Content starts

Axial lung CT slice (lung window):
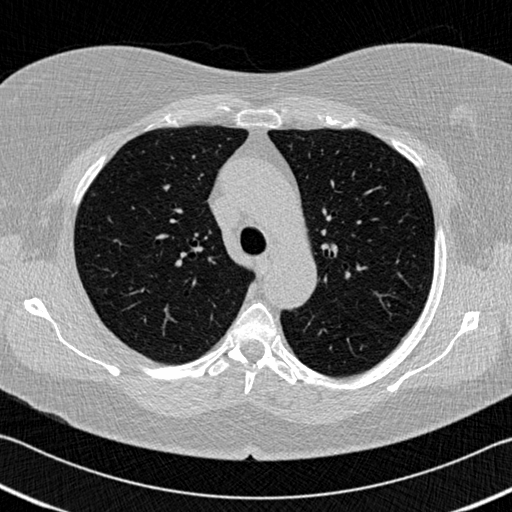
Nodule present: no
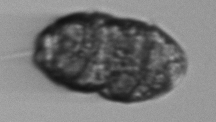
Label: Margalefidinium
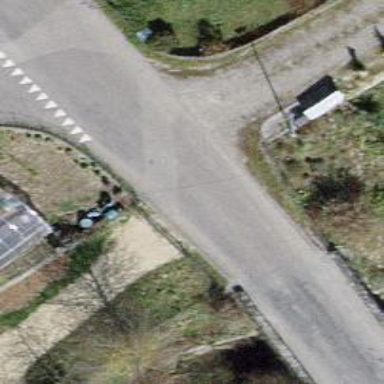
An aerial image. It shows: Tertiary road with bridge.
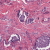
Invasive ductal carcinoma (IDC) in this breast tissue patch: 1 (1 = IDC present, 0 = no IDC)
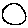
Label: circle
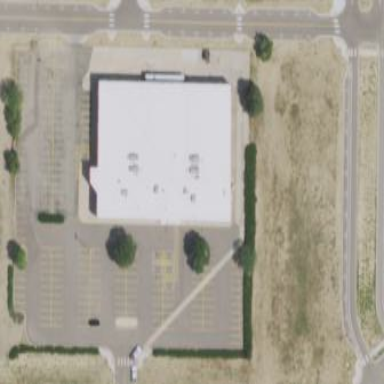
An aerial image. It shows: Building with bowling alley inside.
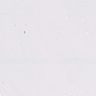
Metastatic tissue present: no
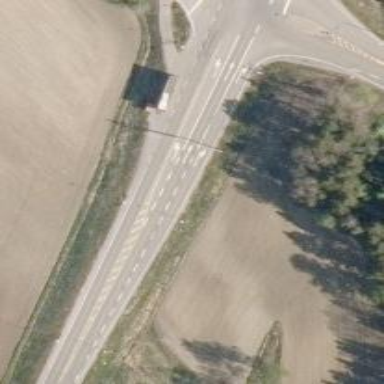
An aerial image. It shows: Secondary road with asphalt surface.
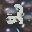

Content ends

ASSIGNMENT: Output the data exactly, pictures omitted.

WRITTEN REPLY:
Axial lung CT slice (lung window):
Nodule present: no
Label: Margalefidinium
An aerial image. It shows: Tertiary road with bridge.
Invasive ductal carcinoma (IDC) in this breast tissue patch: 1 (1 = IDC present, 0 = no IDC)
Label: circle
An aerial image. It shows: Building with bowling alley inside.
Metastatic tissue present: no
An aerial image. It shows: Secondary road with asphalt surface.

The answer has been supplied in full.